Por: EL Economista
Eduardo Ruiz-Healy
La encuesta de Reuters levantada del 13 al 17 de julio entre 32 economistas en México, Estados Unidos y Europa bajó a 1.1% la previsión de crecimiento para México en 2026 y a 1.8% la de 2027. El FMI, en su actualización del 8 de julio, calcula 1.2% para este año. La OCDE, en su informe de junio, 0.8%. Son cifras que muestran un crecimiento mediocre con estabilidad aparente.
El T-MEC sigue vivo, pero la certeza que lo hacía valioso se erosiona. Esta semana México y EU realizan en Ciudad de México la tercera ronda bilateral de la Revisión Conjunta, lo que confirma una relación ya en negociación permanente. El acuerdo, vigente hasta 2036, sigue dando acceso preferencial a Estados Unidos, pero si cada año Washington renegociaautos, acero, agricultura, China, seguridad económica y reglas de origen, la inversión deja de planear a 20 años y empieza a esperar.
Esa espera ya tiene un costo, aunque haya buenos datos reales. La inflación anual bajó a 3.37% en junio. El empleo formal ante el IMSS llegó a 22.8 millones de puestos. El salario base promedio se ubicó en 669.1 pesos diarios. Todo eso importa, pero no basta. En el primer semestre sólo se crearon 262,628 empleos formales de los 600,000 necesarios. Hay más estabilidad que dinamismo.

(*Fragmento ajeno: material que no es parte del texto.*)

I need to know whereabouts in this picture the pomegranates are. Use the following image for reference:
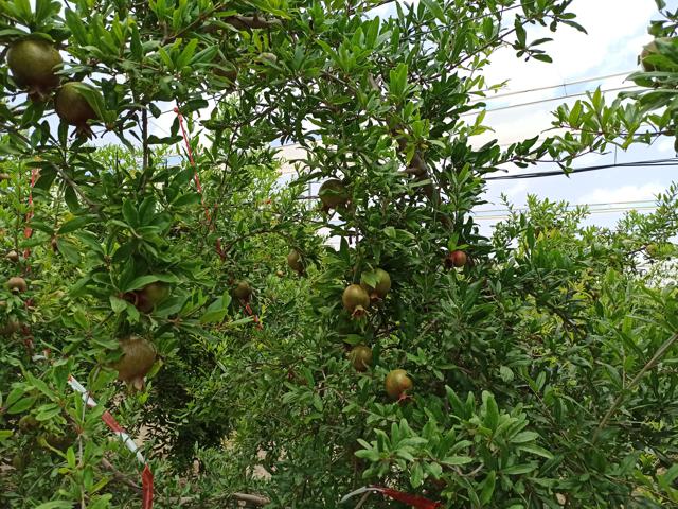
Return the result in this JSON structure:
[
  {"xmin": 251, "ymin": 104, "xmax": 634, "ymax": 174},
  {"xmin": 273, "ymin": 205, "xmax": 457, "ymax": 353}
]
[
  {"xmin": 7, "ymin": 39, "xmax": 64, "ymax": 100},
  {"xmin": 114, "ymin": 337, "xmax": 155, "ymax": 392},
  {"xmin": 7, "ymin": 276, "xmax": 28, "ymax": 296},
  {"xmin": 445, "ymin": 250, "xmax": 467, "ymax": 269},
  {"xmin": 341, "ymin": 284, "xmax": 371, "ymax": 317},
  {"xmin": 640, "ymin": 37, "xmax": 672, "ymax": 72},
  {"xmin": 350, "ymin": 345, "xmax": 374, "ymax": 373},
  {"xmin": 54, "ymin": 82, "xmax": 99, "ymax": 141},
  {"xmin": 231, "ymin": 280, "xmax": 252, "ymax": 300},
  {"xmin": 360, "ymin": 268, "xmax": 391, "ymax": 306},
  {"xmin": 213, "ymin": 67, "xmax": 238, "ymax": 92},
  {"xmin": 5, "ymin": 250, "xmax": 18, "ymax": 263},
  {"xmin": 18, "ymin": 415, "xmax": 40, "ymax": 435},
  {"xmin": 123, "ymin": 287, "xmax": 171, "ymax": 314},
  {"xmin": 385, "ymin": 369, "xmax": 415, "ymax": 401},
  {"xmin": 287, "ymin": 250, "xmax": 305, "ymax": 279},
  {"xmin": 316, "ymin": 179, "xmax": 347, "ymax": 216}
]
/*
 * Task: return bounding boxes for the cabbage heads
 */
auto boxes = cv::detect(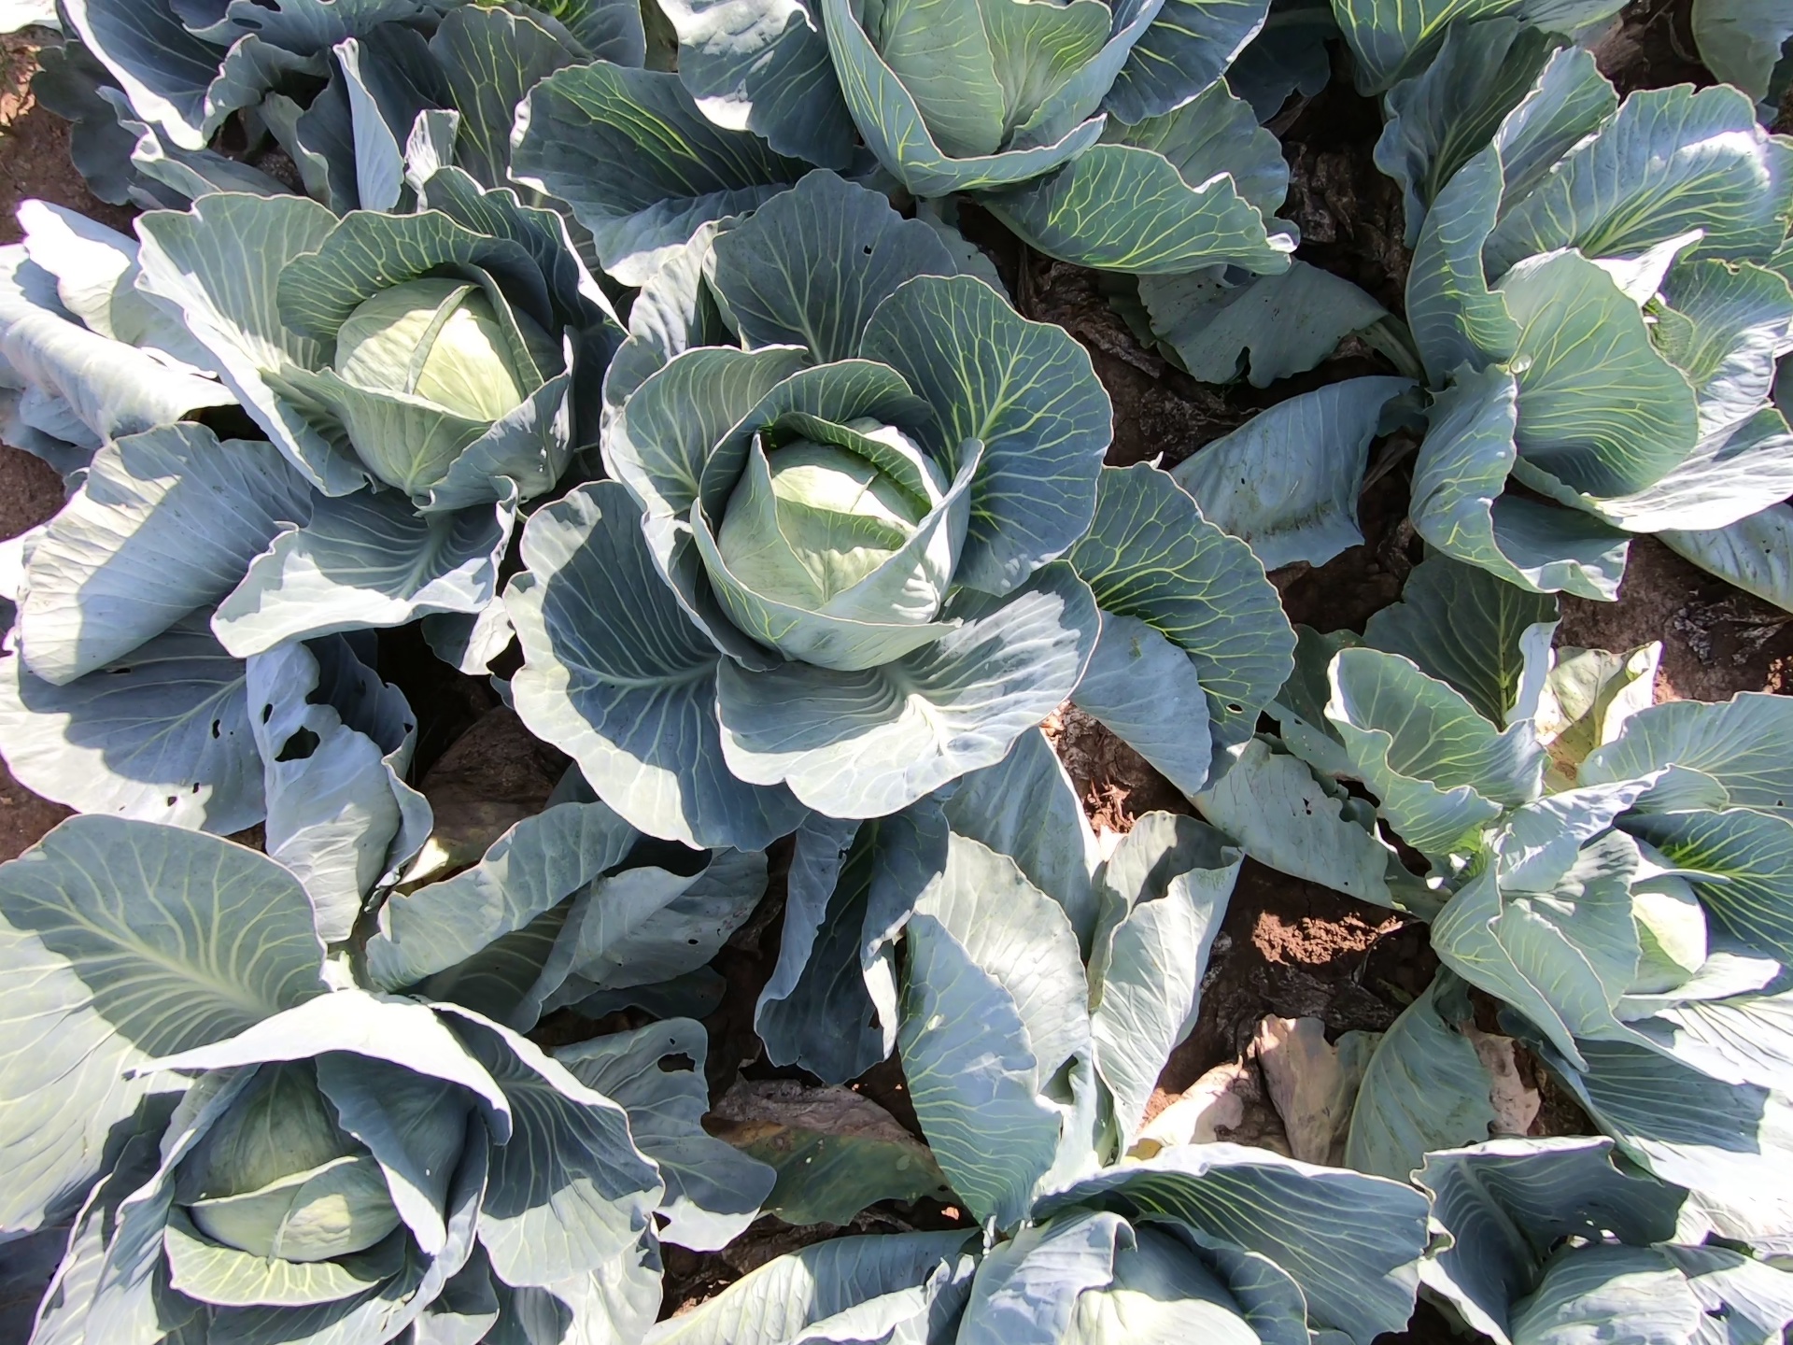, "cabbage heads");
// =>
[329,275,572,495]
[948,3,1063,116]
[1519,254,1666,411]
[1002,1227,1217,1343]
[713,421,953,657]
[1509,828,1705,1004]
[174,1016,458,1262]

La inversión muestra el problema. En abril la formación bruta de capital fijo creció 4.0% mensual. Pero una empresa automotriz, de autopartes, acero, dispositivos médicos o electrónica no decide una planta por un buen mes, lo decide con horizontes de 10, 15 o 20 años. Opta por esperar si no sabe qué exigirá Donald Trump el año entrante, si habrá nuevos aranceles o si el acceso al mercado estadounidense dependerá de concesiones políticas.

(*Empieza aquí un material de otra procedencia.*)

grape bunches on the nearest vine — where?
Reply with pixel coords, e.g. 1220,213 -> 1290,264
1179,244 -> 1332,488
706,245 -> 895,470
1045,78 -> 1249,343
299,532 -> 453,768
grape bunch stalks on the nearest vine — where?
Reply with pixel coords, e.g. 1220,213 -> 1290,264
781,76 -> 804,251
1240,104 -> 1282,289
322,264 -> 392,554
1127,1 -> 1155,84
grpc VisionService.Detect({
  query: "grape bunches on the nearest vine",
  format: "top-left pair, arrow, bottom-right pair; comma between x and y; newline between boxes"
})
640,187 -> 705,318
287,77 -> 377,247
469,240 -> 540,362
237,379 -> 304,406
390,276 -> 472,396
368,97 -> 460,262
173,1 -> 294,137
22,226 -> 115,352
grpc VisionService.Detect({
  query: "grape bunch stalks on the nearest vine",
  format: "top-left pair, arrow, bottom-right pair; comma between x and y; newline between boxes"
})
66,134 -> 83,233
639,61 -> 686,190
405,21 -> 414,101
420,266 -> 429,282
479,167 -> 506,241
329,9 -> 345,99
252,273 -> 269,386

La industria ya resiente la situación. En mayo la actividad industrial cayó 0.8% mensual. El indicador oportuno del Inegi anticipó un avance anual de apenas 1.1 por ciento. La economía no está detenida, pero tampoco arranca.

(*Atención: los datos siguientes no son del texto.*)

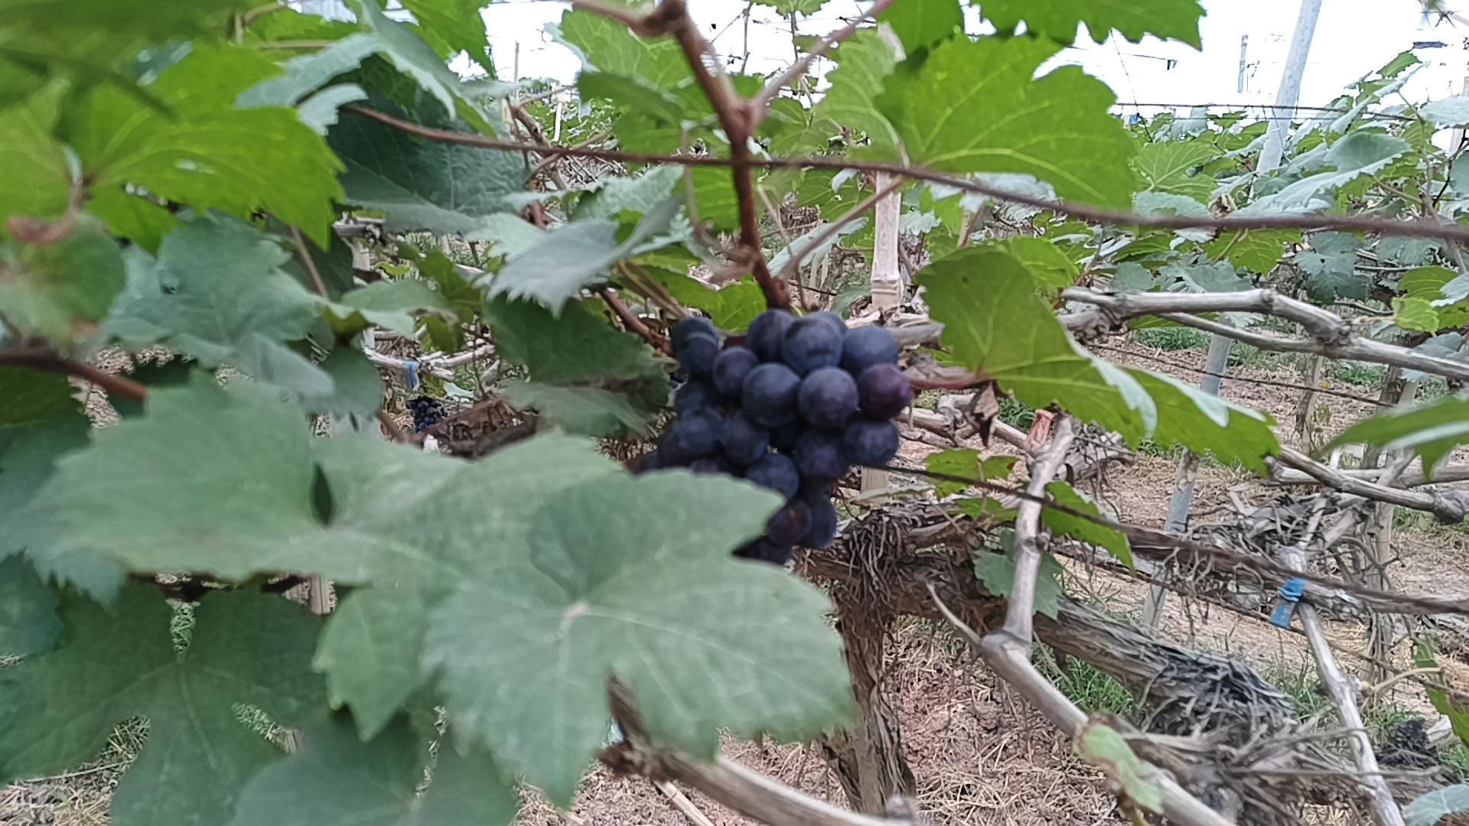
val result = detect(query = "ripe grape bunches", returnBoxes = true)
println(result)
[634,307,910,563]
[406,395,448,435]

El sector automotriz es el mejor termómetro. En junio México produjo 354,221 vehículos ligeros, 3.3% más que en mayo, pero exportó 301,009, 1.7% menos. Frente a junio de 2025, la señal fue más preocupante: la producción cayó 1.9% y las exportaciones 9.2% por ciento. No es desplome, pero tampoco fortaleza. Es un sector estratégico que produce mucho, exporta menos y opera bajo la presión de aranceles, reglas de origen e incertidumbre comercial. No se puede exigir certidumbre mientras se castiga a quien la sostiene.
El Mundial tampoco cambió las cosas. Banorte calcula su aportación al PIB entre 0.4 y 0.5%, Banamex en 2,000 millones de dólares y Deloitte en 100,000 empleos temporales. Al final, el verdadero partido se juega en el T-MEC: México no perdió el tratado, pero sí su activo más valioso, la certeza.
El T-MEC permanece vigente hasta 2036, pero vigente no significa blindado. En esta ronda México debe lograr que la revisión anual del T-MEC no se convierta en un mecanismo permanente de presión, pues entonces dejaría de ser plataforma de largo plazo y se volvería permiso renovable.
México necesita defender el T-MEC como ancla de inversión, lo que exige firmeza negociadora, menos incertidumbre interna y seguridad jurídica. El riesgo no es que el tratado desaparezca mañana sino que siga existiendo, pero deje de convencer a quienes deben invertir hoy.